To solve the problem of three identical particles each of mass \( M \) moving along a common circular path of radius \( R \) under mutual interaction, we can follow these steps: ### Step 1: Understand the Configuration The three particles are positioned at the vertices of an equilateral triangle inscribed in a circle of radius \( R \). The center of the triangle is the center of the circular path. ### Step 2: Determine the Distance Between Particles The distance between any two particles can be calculated using the properties of an equilateral triangle. The length of each side \( a \) of the triangle can be expressed in terms of the radius \( R \): \[ a = R \sqrt{3} \] This is derived from the relationship between the radius of the circumcircle and the side length of the equilateral triangle. ### Step 3: Calculate the Gravitational Force Between Particles The gravitational force \( F \) between any two particles (say particles B and C) is given by Newton's law of gravitation: \[ F = \frac{G M^2}{a^2} = \frac{G M^2}{(R \sqrt{3})^2} = \frac{G M^2}{3R^2} \] ### Step 4: Determine the Net Force Acting on Each Particle Each particle experiences gravitational attraction from the other two particles.

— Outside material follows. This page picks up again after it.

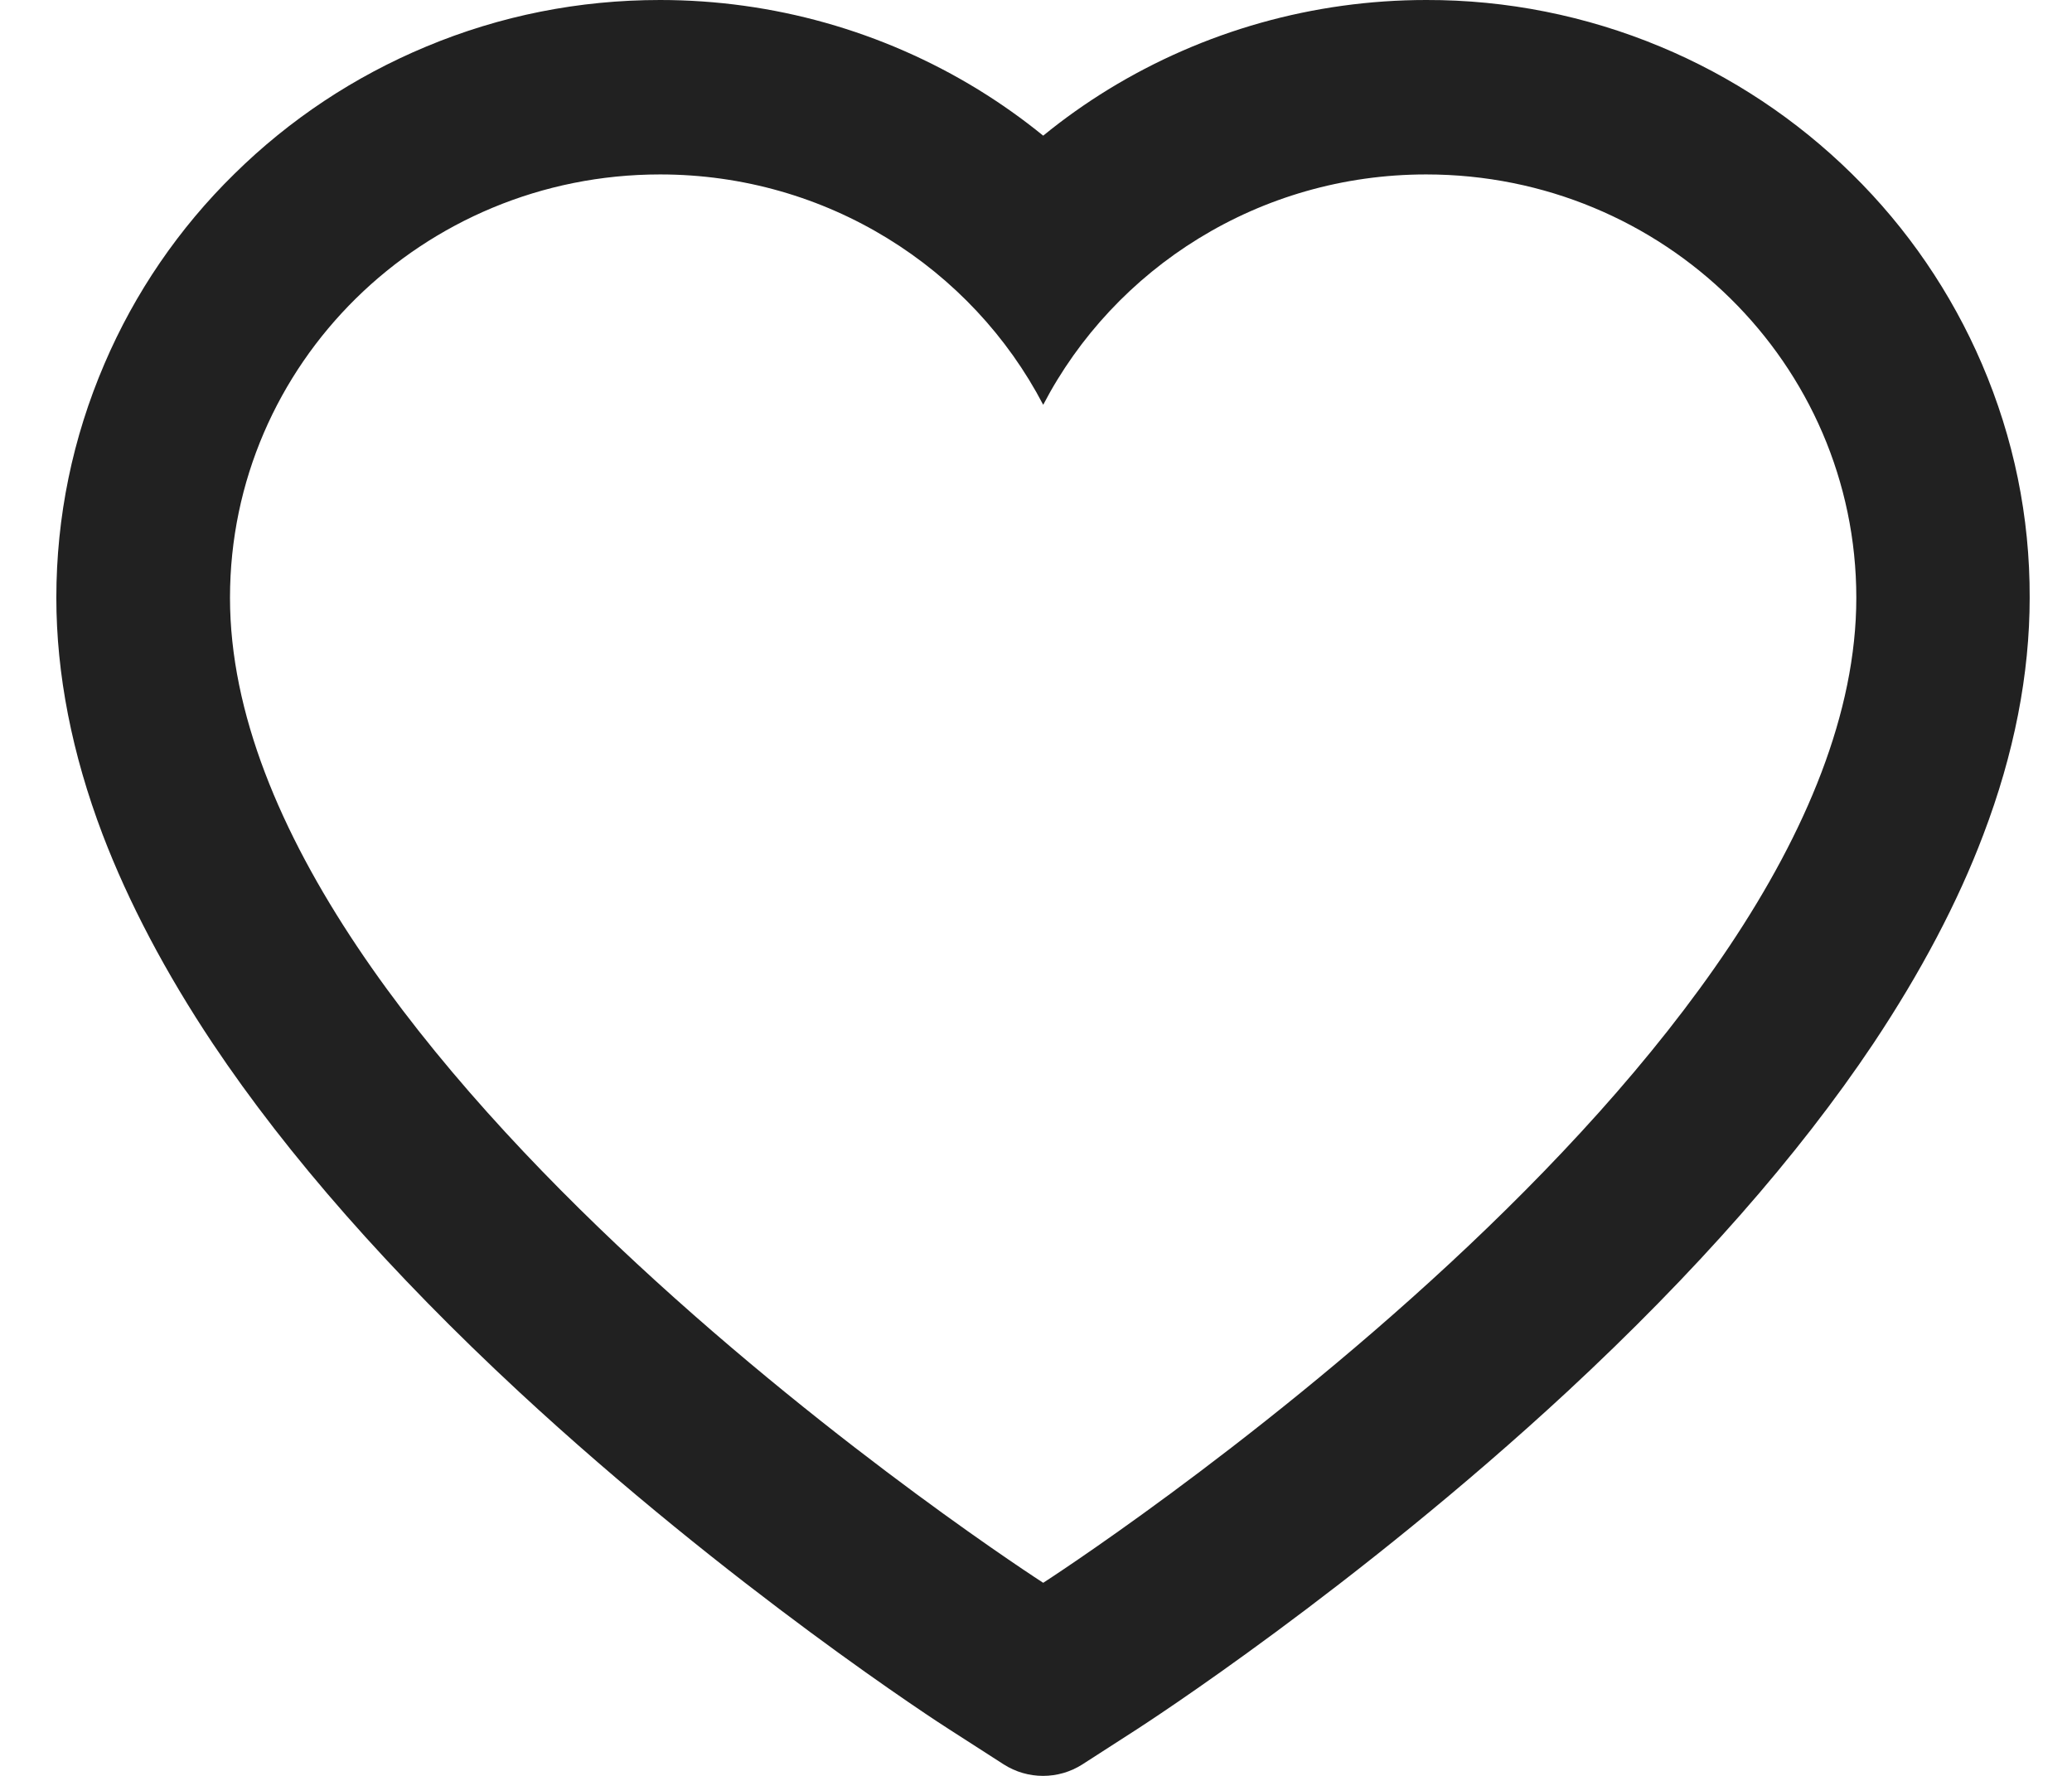 <svg width="21" height="18" viewBox="0 0 21 18" fill="none" xmlns="http://www.w3.org/2000/svg">
<path d="M20.087 3.689C19.777 2.967 19.33 2.313 18.77 1.763C18.21 1.212 17.55 0.773 16.826 0.472C16.074 0.159 15.268 -0.002 14.455 1.63478e-05C13.314 1.63478e-05 12.2 0.314 11.232 0.907C11.001 1.049 10.781 1.205 10.573 1.375C10.364 1.205 10.144 1.049 9.913 0.907C8.945 0.314 7.832 1.63478e-05 6.69 1.63478e-05C5.868 1.63478e-05 5.072 0.158 4.32 0.472C3.593 0.775 2.937 1.209 2.375 1.763C1.815 2.312 1.367 2.966 1.058 3.689C0.736 4.44 0.571 5.238 0.571 6.059C0.571 6.833 0.729 7.64 1.041 8.461C1.303 9.147 1.678 9.859 2.157 10.578C2.917 11.715 3.961 12.901 5.257 14.104C7.406 16.097 9.533 17.474 9.623 17.53L10.172 17.883C10.415 18.039 10.728 18.039 10.971 17.883L11.519 17.53C11.61 17.471 13.735 16.097 15.886 14.104C17.182 12.901 18.226 11.715 18.986 10.578C19.465 9.859 19.842 9.147 20.101 8.461C20.414 7.64 20.571 6.833 20.571 6.059C20.574 5.238 20.409 4.44 20.087 3.689ZM10.573 16.043C10.573 16.043 2.331 10.738 2.331 6.059C2.331 3.689 4.282 1.768 6.69 1.768C8.382 1.768 9.85 2.717 10.573 4.103C11.295 2.717 12.763 1.768 14.455 1.768C16.863 1.768 18.814 3.689 18.814 6.059C18.814 10.738 10.573 16.043 10.573 16.043Z" fill="#212121"/>
</svg>

The resultant force \( F_{\text{net}} \) acting on any particle can be calculated by considering the vector sum of the forces from the other two particles. Since these forces are equal and form a \( 60^\circ \) angle with each other, we can use the formula for the resultant of two forces: \[ F_{\text{net}} = 2F \cos(30^\circ) = 2 \left(\frac{G M^2}{3R^2}\right) \left(\frac{\sqrt{3}}{2}\right) = \frac{G M^2 \sqrt{3}}{3R^2} \] ### Step 5: Relate the Net Force to Centripetal Force For circular motion, the centripetal force required to keep each particle in circular motion is given by: \[ F_{\text{centripetal}} = \frac{M v^2}{R} \] Setting the net gravitational force equal to the centripetal force gives: \[ \frac{M v^2}{R} = \frac{G M^2 \sqrt{3}}{3R^2} \] ### Step 6: Solve for Velocity \( v \) Now, we can solve for the velocity \( v \): \[ M v^2 = \frac{G M^2 \sqrt{3}}{3R} \] Dividing both sides by \( M \): \[ v^2 = \frac{G M \sqrt{3}}{3R} \] Taking the square root: \[ v = \sqrt{\frac{G M \sqrt{3}}{3R}} \] ### Final Answer Thus, the velocity of each particle is: \[ v = \sqrt{\frac{G M}{3R}} \cdot \sqrt{\sqrt{3}} = \sqrt{\frac{G M \sqrt{3}}{3R}} \]